Cracks on the pavement are a significant sign of potential damage and degradation in the performance and functionality of pavements. Generally, cracks of the pavement can be caused by heavy traffic, drastic temperature change, reflection from the base layers, and so on [1]. These cracks have a negative impact on the structure of the pavement, significantly decreasing the performance of the pavements. With cracks developing, the whole structure of the road can be influenced. The safety and service life of the road can be decreased to a certain degree. To curb the development of cracks, a frequent inspection is needed. By collecting various types of data for pavement conditions, the corresponding strategies and in-depth analysis can be made. According to the analysis results, timely and appropriate maintenance can be employed to repair the pavement and prevent its failure at an early stage of crack development. In this way, as for the pavement, the service life can be prolonged, and the performance and functionality can be maintained in a good condition.
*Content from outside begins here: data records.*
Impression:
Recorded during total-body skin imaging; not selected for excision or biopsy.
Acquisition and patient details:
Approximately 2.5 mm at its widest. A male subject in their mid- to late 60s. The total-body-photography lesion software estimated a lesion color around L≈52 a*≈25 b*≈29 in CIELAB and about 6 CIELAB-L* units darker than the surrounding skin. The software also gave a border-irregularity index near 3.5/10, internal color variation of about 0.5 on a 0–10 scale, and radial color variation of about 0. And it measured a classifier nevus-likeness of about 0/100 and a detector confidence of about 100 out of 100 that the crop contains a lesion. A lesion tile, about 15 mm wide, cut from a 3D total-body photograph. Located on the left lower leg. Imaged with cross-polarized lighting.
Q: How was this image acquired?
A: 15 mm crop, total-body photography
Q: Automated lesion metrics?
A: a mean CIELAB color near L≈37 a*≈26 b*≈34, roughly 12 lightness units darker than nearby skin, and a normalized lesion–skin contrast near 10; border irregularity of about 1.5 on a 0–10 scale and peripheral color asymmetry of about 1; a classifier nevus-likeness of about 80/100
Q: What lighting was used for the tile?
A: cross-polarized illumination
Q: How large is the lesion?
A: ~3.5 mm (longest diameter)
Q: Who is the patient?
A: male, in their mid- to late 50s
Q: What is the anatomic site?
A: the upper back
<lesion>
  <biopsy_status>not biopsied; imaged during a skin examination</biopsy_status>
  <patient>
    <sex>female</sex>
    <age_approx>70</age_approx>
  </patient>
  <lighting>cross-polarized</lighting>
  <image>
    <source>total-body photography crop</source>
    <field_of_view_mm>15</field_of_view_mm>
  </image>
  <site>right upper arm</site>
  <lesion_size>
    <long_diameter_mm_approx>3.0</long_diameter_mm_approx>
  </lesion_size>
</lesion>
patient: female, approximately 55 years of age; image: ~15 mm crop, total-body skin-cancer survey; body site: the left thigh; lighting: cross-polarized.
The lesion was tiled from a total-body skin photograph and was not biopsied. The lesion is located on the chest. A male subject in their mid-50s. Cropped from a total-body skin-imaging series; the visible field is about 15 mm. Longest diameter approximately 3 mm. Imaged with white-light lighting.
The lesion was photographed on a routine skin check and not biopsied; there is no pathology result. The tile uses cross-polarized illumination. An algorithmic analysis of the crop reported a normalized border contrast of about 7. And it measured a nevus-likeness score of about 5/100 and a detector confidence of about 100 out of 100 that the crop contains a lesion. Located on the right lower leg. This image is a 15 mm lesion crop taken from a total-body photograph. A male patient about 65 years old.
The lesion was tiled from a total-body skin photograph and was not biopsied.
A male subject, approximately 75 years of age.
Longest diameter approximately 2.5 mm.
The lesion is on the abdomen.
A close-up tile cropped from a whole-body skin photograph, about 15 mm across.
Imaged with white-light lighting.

As most previous studies have stated, collecting and analyzing the images of cracks is a primary way to realize the detection and classification of pavement cracks [2,3,4]. Generally, the pavement crack detection methods can be divided into two types based on whether the deep learning method is applied. They are the traditional methods and deep learning methods.

As for the traditional methods, visual inspection was a primary way to realize pavement crack detection in the early stages of the development of crack detection. Experienced workers need to inspect the whole road by walking. To accelerate the process of visual inspection, the images of pavement cracks are collected by a slow-moving car. Then, researchers detect and classify the cracks by labor. The above methods need significant human intervention. Because of the extensive length of the road, these methods are time-consuming [5]. To improve the efficiency of the inspection for pavement cracks, some researchers employed image-based methods to detect cracks. Zhou et al. [6] applied the wavelet transform to pavement crack images. The images can be divided into different frequency sub-bands. The pavement cracks and background information can be divided into high- and low-amplitude wavelet coefficients. Similarly, Subirats et al. [7] developed a two-step pavement crack detection method by also applying the wavelet transform: firstly, establishing complex coefficient maps by a 2D continuous wavelet transform; then, employing the binary image of pavement cracks to indicate the presence of the cracks or not. In the study conducted by Li Peng et al. [8], a threshold-based detection method was developed to detect the cracks on an airport runway. This method can remove the road markings by segmentation and then the cracks can be detected. Besides that, Wei xu et al. [9] proposed an unsupervised method with the saliency and statistical characteristic of the pavement cracks. One of the novelties of this method is that the threshold was also applied in this paper to detect and classify pavement cracks. Besides that, some studies employed hand-crafted features to realize the detection and classification of pavement cracks [10,11,12]. The edge of the object can easily be acquired. Therefore, there was some research that utilized edge detection methods to recognize cracks [13].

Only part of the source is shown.